LITR 5738: Literature of Space & Exploration


Sample Student Midterms 2002

Craig Sprowl  

How Poe Captures the Psychological Essence of Exploration in Pym

            The word exploration connotes freedom in the broadest sense.  Exploration is a search; an investigation.  When we imagine an explorer traveling into space, journeying to the Poles, or trekking through the desert, we envisage a kind of freedom.  In exploration, whether external or internal, space is wide open, and there are expanses.  The mere fact that we are exploring an area means that it hasn’t been marked off, delineated, and confined.  Exploration, which is journeying to the unknown, requires of the explorer, who is now outside of their element, to shelter themselves to a much higher degree than if they were still in their normal environment.  We invoke a kind of opposite, and an irony, the further we push into the unknown, the wide open, the barren, and the desolate landscapes.  The further into these environments we travel, the more we must retreat into some kind of cocoon, an increasingly smaller shelter that contains the means to sustain us.  A human’s normal environment is one that contains the whole range of conditions suitable for our survival.  Beside the physical conditions such as proper range of temperature; our normal environment contains the social networks necessary for survival. 

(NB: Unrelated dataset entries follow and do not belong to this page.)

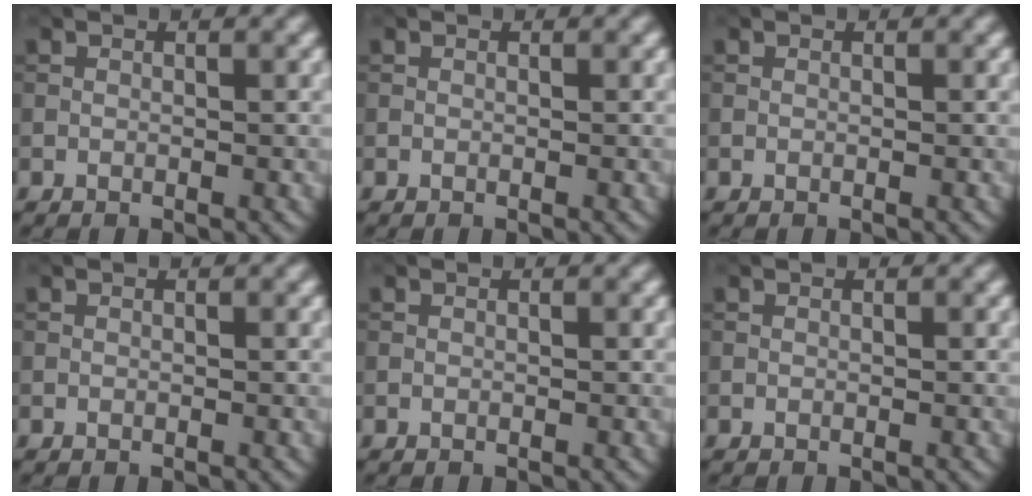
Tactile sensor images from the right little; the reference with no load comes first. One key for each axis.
{"total": 0.0}
{"total": 0.0}
{"total": 0.0}
{"total": 0.0}
{"total": 0.0}
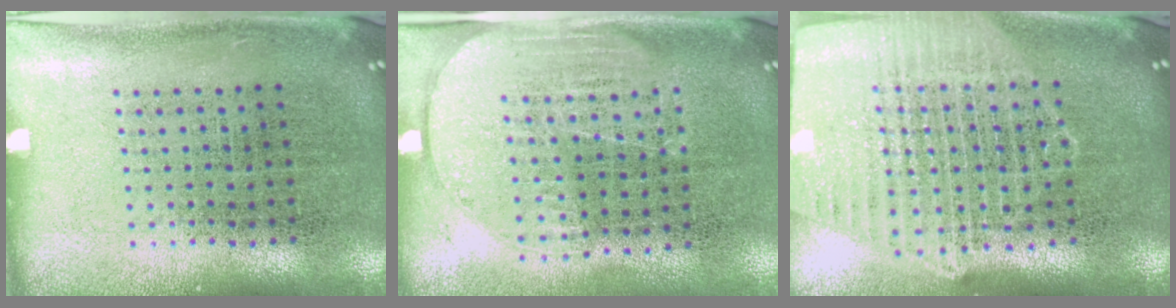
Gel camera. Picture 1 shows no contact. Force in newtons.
{"total": 1.7, "press": 1.4, "slide": 0.8}
{"total": 2.1, "press": 1.9, "slide": 0.9}
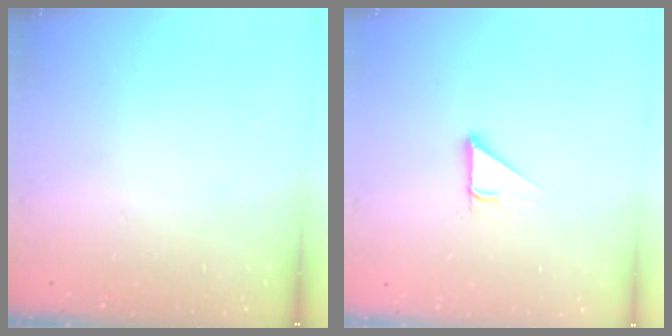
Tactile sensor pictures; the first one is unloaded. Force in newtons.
{"total": 2.7, "press": 2.7, "slide": 0.3}
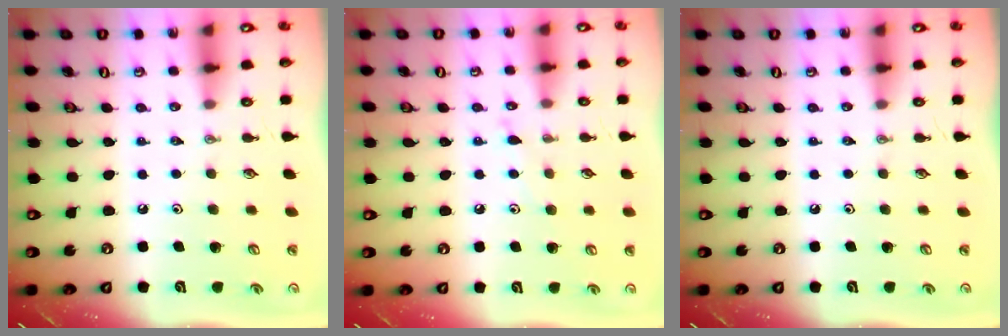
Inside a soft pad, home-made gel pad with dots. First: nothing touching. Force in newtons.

            The edges of our normal environment are marked off by barriers.  Barriers that serve to mark the edges of our habitat could be such things as water, extreme cold, a lack of oxygen in space, or a lack of water in the desert.  Exploration would not be exploration as we know it, if it didn’t involve overcoming the barriers to the forbidden land.  For many readers of the Narrative of Arthur Gordon Pym, inaccurate details, and glaring mistakes act as a barrier to realizing the genius within the text.  Poe adroitly integrates the fundamental nature of exploration into Pym.  The concept of confinement and escape is a major theme of the novel.  The idea of opposites, extremes, and the harshness of those extremes are given skillful treatment by Poe.  Pym may not stand up to modern scrutiny when it involves squaring the novel with our understanding of the South Pole, but Pym’s journey stands out for its accurate portrayal of the conditions of an explorer.  Poe captures the essence of exploration through the use of symbols and themes, and remarkably captures the mind of an explorer through the use of a common language, that reflects the fear, anxiety, and observations of the environment that shares a striking resemblance to the non-fiction accounts of Polar exploration.

            Poe’s character Pym, shares the hazards of exploration with his non-fiction counterparts.  Just like the non-fictional explorers, Pym is faced with untold tragedy and extreme conditions.  Poe’s genius lies in his ability to create a narrative that reflects despair, bleakness, and a person’s inability to help another.  This idea runs rampant throughout the text of Pym, but can also be seen in the non-fictional explorer’s accounts.  Upon Pym’s realization that nothing more is to be gained from the store room, he says, “This discovery, as may be supposed, filled us with despair” (Poe 100).  At the beginning of Pym’s voyage, he makes a futile attempt to escape to the surface of the ship only to find it somehow sealed.  Pym comments, “My sensations were those of extreme horror and dismay.  In vain I attempted to reason on the probable cause of my being thus entombed” (Poe 25).  Realistically Pym reacts to barriers, and imprisonment with frustration and despair.  Although his conditions may be suspect, his reactions to the conditions are very believable.  A common occurrence, for an explorer, in extreme conditions, involves a retreat into himself.  Humans are used to caring for other people and helping them.  When one is faced with elements so severe, that helping someone else is impossible, because all one can do is help themselves; it brings about a feeling of helplessness and guilt.  Pym speaks of his awareness of Augustus’s condition, and his inability to do anything about it.  Pym recalls, “He constantly prayed to be released from his sufferings, wishing for nothing but death” (Poe 101).  Pym continues by reflecting on his inability to affect the situation, “We saw clearly that Augustus could not be saved; that he was evidently dying.  We could do nothing to relieve his sufferings, which appeared to be great” (Poe 102).  The same inner torment can be seen in Robert Scott’s journal where he expresses similar concerns with regard to his mate Oates.  Scott writes concerning Oates, “We cannot help each other, each has enough to do to take care of himself” (Scott 111).  Again, Scott writes about Oates, echoing Pym’s concern for Augustus, “Poor chap! it is too pathetic to watch him; one cannot but try to cheer him up” (Scott 113).  If those passages were interchanged between the novel Pym and Scott’s journal, could one tell?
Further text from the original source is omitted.